◆ Exercise objective
In the entries that follow, the first line to write out is the one containing "<g fill='none' stroke='rgb(255,229,153)'", and the last is the one containing "<g fill='none' stroke='rgb(106,168,79)'". Reproduce that stretch exactly, with nothing before or after it.

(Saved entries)
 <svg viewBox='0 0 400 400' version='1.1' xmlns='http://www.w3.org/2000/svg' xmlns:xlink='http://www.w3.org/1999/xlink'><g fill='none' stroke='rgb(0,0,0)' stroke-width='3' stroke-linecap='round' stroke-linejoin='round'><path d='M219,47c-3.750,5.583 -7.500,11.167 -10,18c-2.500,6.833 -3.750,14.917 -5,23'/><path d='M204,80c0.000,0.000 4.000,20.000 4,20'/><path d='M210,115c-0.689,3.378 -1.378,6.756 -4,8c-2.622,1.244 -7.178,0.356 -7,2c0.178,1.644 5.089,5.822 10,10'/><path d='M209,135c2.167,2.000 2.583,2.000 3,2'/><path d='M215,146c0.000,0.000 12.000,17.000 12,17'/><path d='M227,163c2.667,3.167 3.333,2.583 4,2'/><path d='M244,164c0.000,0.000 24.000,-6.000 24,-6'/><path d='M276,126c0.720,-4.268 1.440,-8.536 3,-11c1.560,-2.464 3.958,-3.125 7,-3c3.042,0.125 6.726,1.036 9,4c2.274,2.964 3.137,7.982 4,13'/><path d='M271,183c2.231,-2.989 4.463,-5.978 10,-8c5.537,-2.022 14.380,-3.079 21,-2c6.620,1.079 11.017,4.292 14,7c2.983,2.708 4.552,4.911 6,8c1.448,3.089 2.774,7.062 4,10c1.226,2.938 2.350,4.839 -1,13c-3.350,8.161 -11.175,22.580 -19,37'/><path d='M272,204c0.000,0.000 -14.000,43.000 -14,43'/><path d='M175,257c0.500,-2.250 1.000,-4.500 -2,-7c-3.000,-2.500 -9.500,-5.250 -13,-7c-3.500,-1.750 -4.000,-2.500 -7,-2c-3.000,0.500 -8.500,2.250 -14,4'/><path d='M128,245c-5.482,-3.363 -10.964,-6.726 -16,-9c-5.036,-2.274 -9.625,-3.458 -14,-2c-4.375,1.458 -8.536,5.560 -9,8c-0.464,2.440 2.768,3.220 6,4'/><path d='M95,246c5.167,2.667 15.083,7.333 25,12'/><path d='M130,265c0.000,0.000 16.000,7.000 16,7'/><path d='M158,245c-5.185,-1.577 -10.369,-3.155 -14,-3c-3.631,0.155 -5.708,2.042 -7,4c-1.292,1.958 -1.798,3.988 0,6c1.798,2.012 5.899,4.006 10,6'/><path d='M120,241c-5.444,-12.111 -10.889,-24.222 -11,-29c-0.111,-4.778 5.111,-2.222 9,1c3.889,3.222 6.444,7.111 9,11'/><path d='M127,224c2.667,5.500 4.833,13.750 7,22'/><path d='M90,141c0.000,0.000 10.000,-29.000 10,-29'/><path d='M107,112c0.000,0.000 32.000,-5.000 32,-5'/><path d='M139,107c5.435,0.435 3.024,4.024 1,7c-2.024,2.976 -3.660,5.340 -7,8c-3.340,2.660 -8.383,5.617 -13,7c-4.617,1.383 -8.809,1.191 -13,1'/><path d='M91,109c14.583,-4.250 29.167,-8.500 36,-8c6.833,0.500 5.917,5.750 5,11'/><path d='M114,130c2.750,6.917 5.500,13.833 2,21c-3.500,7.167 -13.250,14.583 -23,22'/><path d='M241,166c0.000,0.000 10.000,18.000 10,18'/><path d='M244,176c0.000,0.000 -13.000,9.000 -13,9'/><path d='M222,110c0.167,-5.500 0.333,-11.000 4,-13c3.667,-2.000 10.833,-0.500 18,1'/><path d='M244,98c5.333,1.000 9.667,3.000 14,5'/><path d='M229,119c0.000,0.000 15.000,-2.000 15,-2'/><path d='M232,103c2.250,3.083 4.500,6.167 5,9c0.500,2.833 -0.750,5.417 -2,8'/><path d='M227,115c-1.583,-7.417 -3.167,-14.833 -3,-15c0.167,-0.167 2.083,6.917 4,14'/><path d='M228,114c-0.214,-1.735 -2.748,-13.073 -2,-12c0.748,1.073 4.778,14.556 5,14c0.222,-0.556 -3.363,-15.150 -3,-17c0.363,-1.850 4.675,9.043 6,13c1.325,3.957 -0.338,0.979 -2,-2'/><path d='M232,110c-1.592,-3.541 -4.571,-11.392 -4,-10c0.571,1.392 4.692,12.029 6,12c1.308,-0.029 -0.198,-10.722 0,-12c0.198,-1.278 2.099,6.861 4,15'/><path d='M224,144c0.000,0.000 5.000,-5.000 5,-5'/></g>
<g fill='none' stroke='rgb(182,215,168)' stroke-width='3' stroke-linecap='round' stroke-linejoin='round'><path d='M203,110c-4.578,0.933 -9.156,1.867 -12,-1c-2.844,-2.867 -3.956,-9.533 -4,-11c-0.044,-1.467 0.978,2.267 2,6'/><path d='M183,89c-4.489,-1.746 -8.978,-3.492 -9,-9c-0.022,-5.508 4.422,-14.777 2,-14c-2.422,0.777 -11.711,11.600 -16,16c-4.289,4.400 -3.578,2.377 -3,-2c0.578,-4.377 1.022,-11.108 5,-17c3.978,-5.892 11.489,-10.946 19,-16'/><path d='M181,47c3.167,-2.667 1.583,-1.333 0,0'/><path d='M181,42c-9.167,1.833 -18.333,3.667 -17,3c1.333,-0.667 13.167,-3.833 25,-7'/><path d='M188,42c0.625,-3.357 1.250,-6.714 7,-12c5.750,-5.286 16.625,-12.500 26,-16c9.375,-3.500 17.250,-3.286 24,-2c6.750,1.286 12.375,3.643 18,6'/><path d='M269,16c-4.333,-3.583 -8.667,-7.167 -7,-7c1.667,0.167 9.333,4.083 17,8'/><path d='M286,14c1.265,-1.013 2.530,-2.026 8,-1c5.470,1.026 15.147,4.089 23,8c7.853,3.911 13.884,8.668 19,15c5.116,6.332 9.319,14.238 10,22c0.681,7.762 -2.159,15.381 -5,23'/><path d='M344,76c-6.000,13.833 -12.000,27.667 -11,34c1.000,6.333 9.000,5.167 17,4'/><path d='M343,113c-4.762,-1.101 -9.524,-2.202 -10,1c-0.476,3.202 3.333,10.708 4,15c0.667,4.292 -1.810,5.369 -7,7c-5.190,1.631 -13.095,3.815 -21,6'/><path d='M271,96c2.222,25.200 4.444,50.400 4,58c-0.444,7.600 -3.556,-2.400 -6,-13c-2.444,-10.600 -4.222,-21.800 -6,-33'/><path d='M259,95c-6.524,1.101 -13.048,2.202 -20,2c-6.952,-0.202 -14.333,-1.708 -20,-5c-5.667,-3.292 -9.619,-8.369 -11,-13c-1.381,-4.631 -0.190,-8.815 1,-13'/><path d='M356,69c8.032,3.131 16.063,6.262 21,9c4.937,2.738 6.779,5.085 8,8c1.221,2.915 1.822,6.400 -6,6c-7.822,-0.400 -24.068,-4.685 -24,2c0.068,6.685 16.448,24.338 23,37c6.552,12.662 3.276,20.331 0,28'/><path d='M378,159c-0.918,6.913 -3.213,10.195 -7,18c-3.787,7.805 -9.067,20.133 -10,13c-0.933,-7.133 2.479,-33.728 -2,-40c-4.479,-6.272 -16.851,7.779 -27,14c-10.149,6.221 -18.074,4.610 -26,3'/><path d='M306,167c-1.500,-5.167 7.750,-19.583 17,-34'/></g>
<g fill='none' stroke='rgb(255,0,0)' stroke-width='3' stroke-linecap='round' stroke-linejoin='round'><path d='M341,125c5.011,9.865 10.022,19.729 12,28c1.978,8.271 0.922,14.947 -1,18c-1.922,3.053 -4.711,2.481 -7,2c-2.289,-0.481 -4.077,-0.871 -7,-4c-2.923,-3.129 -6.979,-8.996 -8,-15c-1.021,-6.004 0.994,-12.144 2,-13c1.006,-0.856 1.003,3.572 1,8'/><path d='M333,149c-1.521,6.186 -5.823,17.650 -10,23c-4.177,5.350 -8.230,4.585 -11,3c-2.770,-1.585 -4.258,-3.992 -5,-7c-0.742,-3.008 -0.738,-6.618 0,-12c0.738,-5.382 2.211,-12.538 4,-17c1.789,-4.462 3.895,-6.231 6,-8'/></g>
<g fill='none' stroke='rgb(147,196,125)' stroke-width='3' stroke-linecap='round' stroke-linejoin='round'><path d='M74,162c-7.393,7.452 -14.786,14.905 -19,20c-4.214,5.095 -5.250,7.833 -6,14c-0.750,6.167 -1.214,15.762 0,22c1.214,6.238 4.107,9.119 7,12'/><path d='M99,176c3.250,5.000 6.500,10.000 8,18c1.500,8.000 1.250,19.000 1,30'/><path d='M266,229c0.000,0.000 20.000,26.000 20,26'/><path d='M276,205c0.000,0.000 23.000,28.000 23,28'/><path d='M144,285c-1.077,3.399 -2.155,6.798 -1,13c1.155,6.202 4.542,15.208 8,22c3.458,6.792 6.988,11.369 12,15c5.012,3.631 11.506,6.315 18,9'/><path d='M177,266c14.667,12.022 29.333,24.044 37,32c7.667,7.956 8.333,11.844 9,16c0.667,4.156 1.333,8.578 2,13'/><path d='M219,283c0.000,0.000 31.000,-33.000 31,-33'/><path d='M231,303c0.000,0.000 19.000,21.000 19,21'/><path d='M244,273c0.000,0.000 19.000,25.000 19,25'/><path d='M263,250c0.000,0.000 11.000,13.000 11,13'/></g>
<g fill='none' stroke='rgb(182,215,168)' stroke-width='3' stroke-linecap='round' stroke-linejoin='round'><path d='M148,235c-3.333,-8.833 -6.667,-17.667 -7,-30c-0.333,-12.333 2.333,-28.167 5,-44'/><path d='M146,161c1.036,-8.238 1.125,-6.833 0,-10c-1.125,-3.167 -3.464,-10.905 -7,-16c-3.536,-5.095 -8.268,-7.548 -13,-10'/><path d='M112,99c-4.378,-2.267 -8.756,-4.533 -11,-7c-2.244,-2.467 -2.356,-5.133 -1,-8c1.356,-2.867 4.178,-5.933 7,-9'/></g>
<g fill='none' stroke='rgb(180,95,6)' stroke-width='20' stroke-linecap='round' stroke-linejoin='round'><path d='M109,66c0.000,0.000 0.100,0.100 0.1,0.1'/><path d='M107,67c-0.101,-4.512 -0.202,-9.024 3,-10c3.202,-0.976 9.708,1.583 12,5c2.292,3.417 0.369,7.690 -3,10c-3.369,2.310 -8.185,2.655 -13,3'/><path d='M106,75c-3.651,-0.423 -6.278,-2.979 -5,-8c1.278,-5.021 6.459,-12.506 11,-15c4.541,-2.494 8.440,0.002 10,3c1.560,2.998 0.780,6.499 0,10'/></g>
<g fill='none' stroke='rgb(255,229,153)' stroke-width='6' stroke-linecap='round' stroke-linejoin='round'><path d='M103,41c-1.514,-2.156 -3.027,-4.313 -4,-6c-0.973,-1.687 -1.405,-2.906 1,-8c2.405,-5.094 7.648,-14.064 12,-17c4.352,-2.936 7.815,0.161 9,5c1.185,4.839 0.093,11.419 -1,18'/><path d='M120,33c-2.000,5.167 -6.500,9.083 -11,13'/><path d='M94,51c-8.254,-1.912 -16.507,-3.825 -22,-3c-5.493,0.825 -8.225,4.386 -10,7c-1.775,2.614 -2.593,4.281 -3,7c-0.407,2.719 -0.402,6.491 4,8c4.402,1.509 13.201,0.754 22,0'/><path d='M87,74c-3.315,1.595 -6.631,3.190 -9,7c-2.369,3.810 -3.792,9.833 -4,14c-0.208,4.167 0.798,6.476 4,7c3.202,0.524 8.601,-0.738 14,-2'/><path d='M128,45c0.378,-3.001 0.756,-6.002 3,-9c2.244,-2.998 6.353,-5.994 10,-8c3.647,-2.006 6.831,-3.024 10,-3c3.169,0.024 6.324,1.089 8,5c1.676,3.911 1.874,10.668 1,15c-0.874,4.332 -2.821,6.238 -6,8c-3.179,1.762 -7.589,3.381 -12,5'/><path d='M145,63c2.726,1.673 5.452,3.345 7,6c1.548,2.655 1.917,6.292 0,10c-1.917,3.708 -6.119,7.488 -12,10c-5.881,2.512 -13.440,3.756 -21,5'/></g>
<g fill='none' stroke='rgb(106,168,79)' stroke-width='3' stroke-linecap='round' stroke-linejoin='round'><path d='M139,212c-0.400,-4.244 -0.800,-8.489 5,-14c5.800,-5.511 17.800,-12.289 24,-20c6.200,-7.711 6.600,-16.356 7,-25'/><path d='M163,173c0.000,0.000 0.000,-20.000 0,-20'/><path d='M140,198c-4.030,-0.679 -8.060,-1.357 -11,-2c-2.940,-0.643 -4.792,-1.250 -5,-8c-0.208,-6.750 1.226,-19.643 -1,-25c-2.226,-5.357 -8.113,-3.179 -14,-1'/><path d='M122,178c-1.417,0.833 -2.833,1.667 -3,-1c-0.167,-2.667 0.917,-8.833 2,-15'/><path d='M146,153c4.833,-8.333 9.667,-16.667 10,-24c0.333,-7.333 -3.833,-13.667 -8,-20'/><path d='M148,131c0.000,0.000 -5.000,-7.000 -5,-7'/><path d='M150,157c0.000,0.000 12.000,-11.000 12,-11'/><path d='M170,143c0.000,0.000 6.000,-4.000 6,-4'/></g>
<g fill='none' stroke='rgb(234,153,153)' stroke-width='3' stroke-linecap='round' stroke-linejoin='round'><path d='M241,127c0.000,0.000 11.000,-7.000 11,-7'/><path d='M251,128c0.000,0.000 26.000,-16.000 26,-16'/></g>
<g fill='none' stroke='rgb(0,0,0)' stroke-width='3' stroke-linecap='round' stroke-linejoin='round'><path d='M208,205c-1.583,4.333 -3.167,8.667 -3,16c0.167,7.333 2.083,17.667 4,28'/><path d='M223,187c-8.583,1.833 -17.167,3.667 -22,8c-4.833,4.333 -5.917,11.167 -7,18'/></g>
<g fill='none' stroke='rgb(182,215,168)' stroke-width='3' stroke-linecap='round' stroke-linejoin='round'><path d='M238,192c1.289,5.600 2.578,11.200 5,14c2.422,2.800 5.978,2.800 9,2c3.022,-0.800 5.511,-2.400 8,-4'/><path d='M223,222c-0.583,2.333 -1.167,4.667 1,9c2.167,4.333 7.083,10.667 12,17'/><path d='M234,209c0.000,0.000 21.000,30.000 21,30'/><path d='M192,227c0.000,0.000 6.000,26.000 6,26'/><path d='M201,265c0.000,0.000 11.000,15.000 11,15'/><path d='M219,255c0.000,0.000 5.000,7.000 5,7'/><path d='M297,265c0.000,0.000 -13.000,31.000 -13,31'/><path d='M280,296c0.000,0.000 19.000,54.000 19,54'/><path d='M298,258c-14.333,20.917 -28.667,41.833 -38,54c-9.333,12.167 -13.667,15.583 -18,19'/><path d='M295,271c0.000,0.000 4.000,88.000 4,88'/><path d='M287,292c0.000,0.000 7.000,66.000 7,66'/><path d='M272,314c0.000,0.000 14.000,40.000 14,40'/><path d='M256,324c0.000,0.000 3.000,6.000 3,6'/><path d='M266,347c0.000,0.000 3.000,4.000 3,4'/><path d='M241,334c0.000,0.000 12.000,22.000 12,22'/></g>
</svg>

◆ Exercise output
<g fill='none' stroke='rgb(255,229,153)' stroke-width='6' stroke-linecap='round' stroke-linejoin='round'><path d='M103,41c-1.514,-2.156 -3.027,-4.313 -4,-6c-0.973,-1.687 -1.405,-2.906 1,-8c2.405,-5.094 7.648,-14.064 12,-17c4.352,-2.936 7.815,0.161 9,5c1.185,4.839 0.093,11.419 -1,18'/><path d='M120,33c-2.000,5.167 -6.500,9.083 -11,13'/><path d='M94,51c-8.254,-1.912 -16.507,-3.825 -22,-3c-5.493,0.825 -8.225,4.386 -10,7c-1.775,2.614 -2.593,4.281 -3,7c-0.407,2.719 -0.402,6.491 4,8c4.402,1.509 13.201,0.754 22,0'/><path d='M87,74c-3.315,1.595 -6.631,3.190 -9,7c-2.369,3.810 -3.792,9.833 -4,14c-0.208,4.167 0.798,6.476 4,7c3.202,0.524 8.601,-0.738 14,-2'/><path d='M128,45c0.378,-3.001 0.756,-6.002 3,-9c2.244,-2.998 6.353,-5.994 10,-8c3.647,-2.006 6.831,-3.024 10,-3c3.169,0.024 6.324,1.089 8,5c1.676,3.911 1.874,10.668 1,15c-0.874,4.332 -2.821,6.238 -6,8c-3.179,1.762 -7.589,3.381 -12,5'/><path d='M145,63c2.726,1.673 5.452,3.345 7,6c1.548,2.655 1.917,6.292 0,10c-1.917,3.708 -6.119,7.488 -12,10c-5.881,2.512 -13.440,3.756 -21,5'/></g>
<g fill='none' stroke='rgb(106,168,79)' stroke-width='3' stroke-linecap='round' stroke-linejoin='round'><path d='M139,212c-0.400,-4.244 -0.800,-8.489 5,-14c5.800,-5.511 17.800,-12.289 24,-20c6.200,-7.711 6.600,-16.356 7,-25'/><path d='M163,173c0.000,0.000 0.000,-20.000 0,-20'/><path d='M140,198c-4.030,-0.679 -8.060,-1.357 -11,-2c-2.940,-0.643 -4.792,-1.250 -5,-8c-0.208,-6.750 1.226,-19.643 -1,-25c-2.226,-5.357 -8.113,-3.179 -14,-1'/><path d='M122,178c-1.417,0.833 -2.833,1.667 -3,-1c-0.167,-2.667 0.917,-8.833 2,-15'/><path d='M146,153c4.833,-8.333 9.667,-16.667 10,-24c0.333,-7.333 -3.833,-13.667 -8,-20'/><path d='M148,131c0.000,0.000 -5.000,-7.000 -5,-7'/><path d='M150,157c0.000,0.000 12.000,-11.000 12,-11'/><path d='M170,143c0.000,0.000 6.000,-4.000 6,-4'/></g>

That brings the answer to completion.